Man bezeichnet mich oft als Kohlkopf. Ein verletzender Ausdruck. Manchmal nennen sie mich auch hirntot, was ebenso verletzend und vollkommen falsch ist. Also: Meine Gehirnzellen haben nach fünf Minuten ohne Sauerstoff angefangen, sich wie Kamikaze-Flieger in den Tod zu stürzen, was zu einer gravierenden und (angeblich) irreversiblen Verkümmerung im zerebralen Kortex, also der Großhirnrinde, geführt hat. Mein Neurologe, der Dr. (ich verarsche dich nicht) Thinker (lustig, was?) heißt und Buchstabenkombinationen wie MD, FRCPC und PhD auf seinem Namensschild trägt, erklärte Mom und Dad, dass mein Hirn wie ein fauler Apfel sei. Das Kerngehäuse – mein Hirnstamm – ist intakt geblieben und funktioniert normal. Deswegen habe ich nach wie vor gleichmäßige Schlaf-Wach-Zyklen, Blutkreislauf und Sekretion funktionieren (deswegen war keine Tracheostomie notwendig, dem Himmel sei Dank für die kleinen Dinge), und ich kann ohne Hilfe von Maschinen atmen. Darüber hinaus bin ich zu zufälligen, unbeabsichtigten Bewegungen fähig. Der Rest des Apfels ist mürbe und braun. Er ist in meinem Schädel zusammengeschrumpelt. Mit Flüssigkeit gefüllte Blasen haben die verlorene Hirnmasse ersetzt. Kein Apfel, den man gern essen möchte, wie Dr. Thinker meinen Eltern erklärte. Eigentlich zu nichts mehr zu gebrauchen. Dad (Gott segne ihn; er war zu dieser Zeit von Gefühlen überwältigt und versuchte, das Beste aus einer schlechten Situation zu machen) fragte, ob der Apfel gut genug sei, um Apfelkuchen daraus zu machen. Dr. Thinker zog die Stirn in Falten und verneinte. Mom fragte, ob er gut genug sei, um Apfelwein daraus herzustellen. »Welche Art von Apfelwein?«, wollte Dr. Thinker wissen, den die Fragen meiner Eltern offensichtlich verwirrten, und Mom (auch sie meinte es gut), erwiderte: »Na, süßen Wein.«

Hirnschaden? Scheiße, klar. Hirn gefickt? Okay … Kann man so sehen. Aber hirntot? Auf keinen Fall, Alter. Nicht mal annähernd.
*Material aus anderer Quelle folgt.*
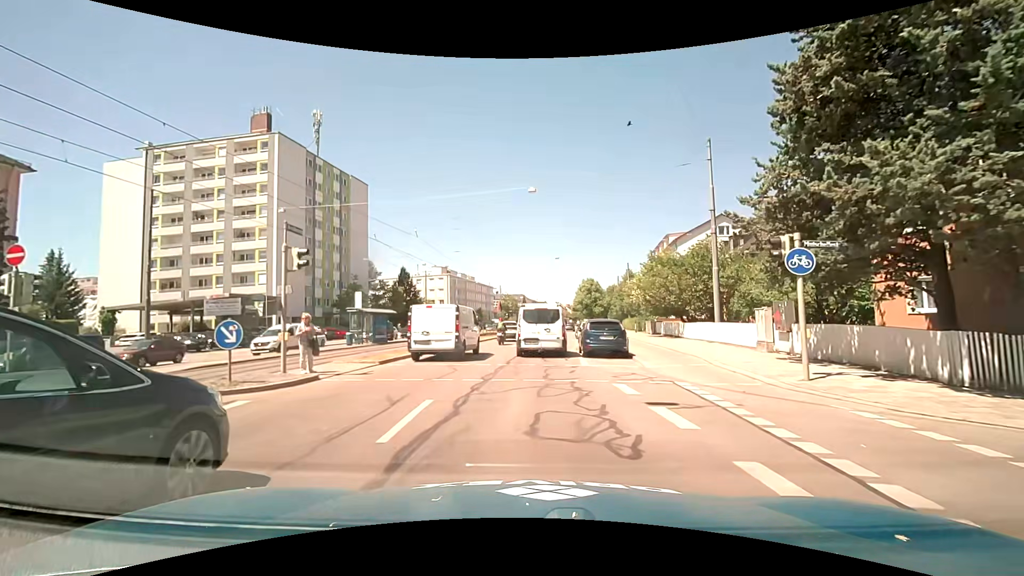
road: primary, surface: asphalt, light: Day
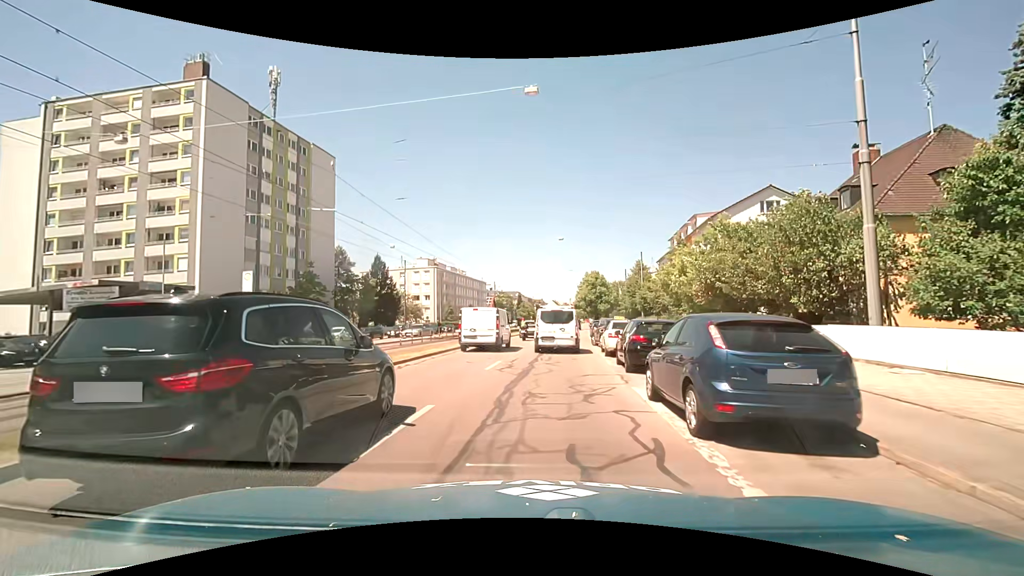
(+0.1, +13.3) m; +1°
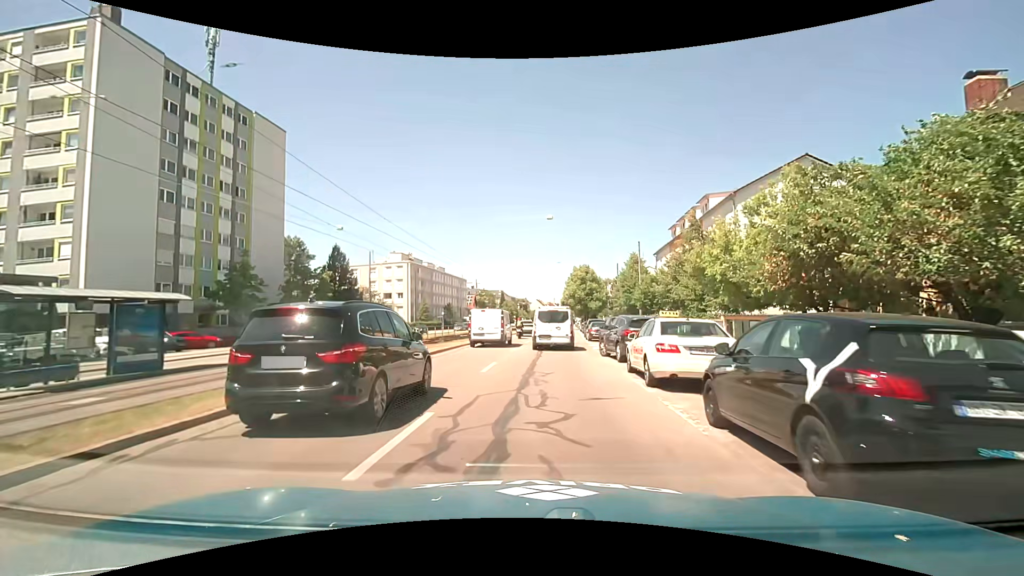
(+0.2, +9.8) m; +3°
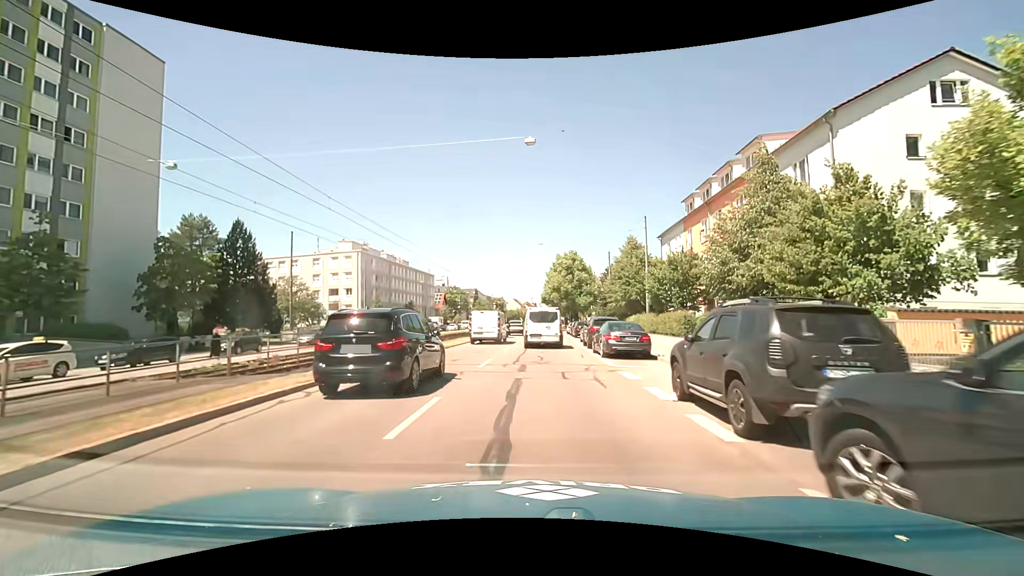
(+0.2, +16.6) m; +2°
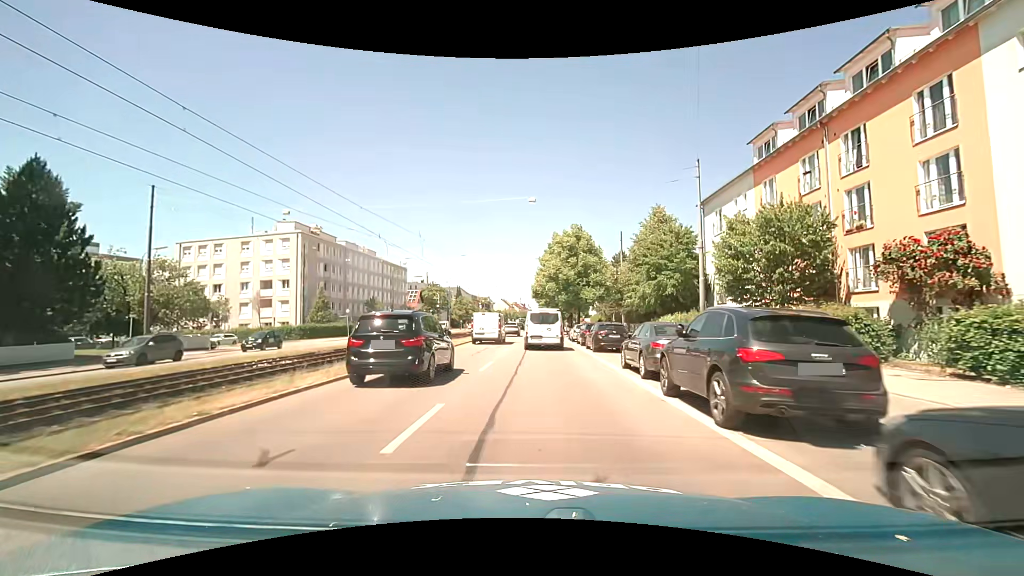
(0.0, +18.8) m; +1°
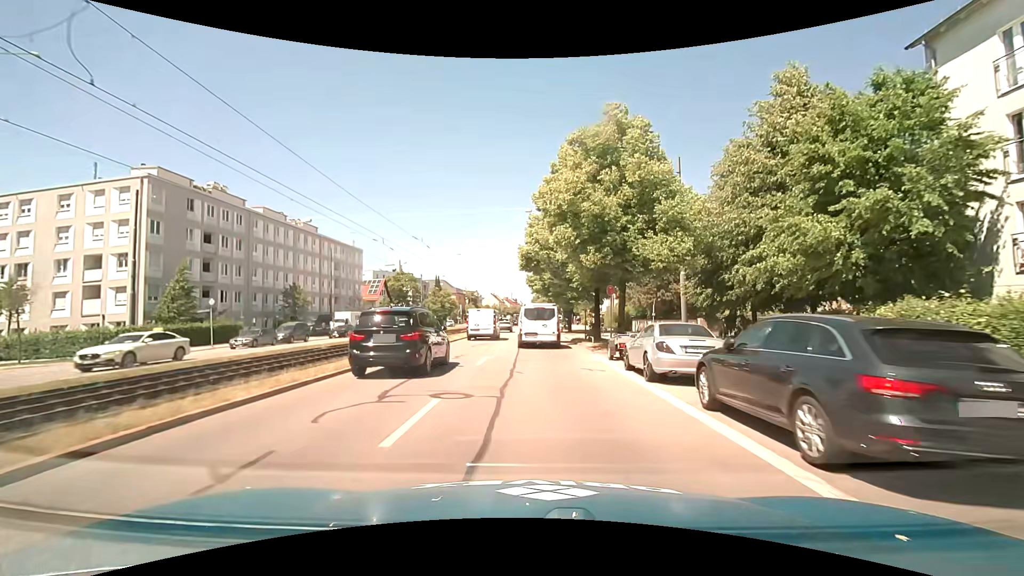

Ich lag siebenunddreißig Tage lang im Koma. Die ganze Zeit nur Dunkelheit. Ein epischer Kampf gegen Dr. Quietus. Dann wachte ich endlich auf (zumindest öffnete ich die Augen) und fand mich in einem chromhellen Krankenzimmer mit meinen weinenden Eltern wieder. Die Art, wie Mom meine Hand festhielt, und der Klang ihres Schluchzens verrieten mir, dass hier etwas ganz und gar nicht in Ordnung war. Der Herzmonitor, die Infusionsschläuche in meinen Händen, die Nasensonde zur künstlichen Ernährung – all das verstärkte das Wissen um meinen üblen Zustand. Ich versuchte meinen Kopf zu bewegen, vermochte es aber nicht. Ich versuchte zu sprechen, wollte Mom sagen, sie müsse nicht weinen, aber ich konnte es nicht. Der Ernst meiner jetzigen Verfassung ging mir auf wie eine verkrüppelte Sonne. Der Blumengeruch war widerlich.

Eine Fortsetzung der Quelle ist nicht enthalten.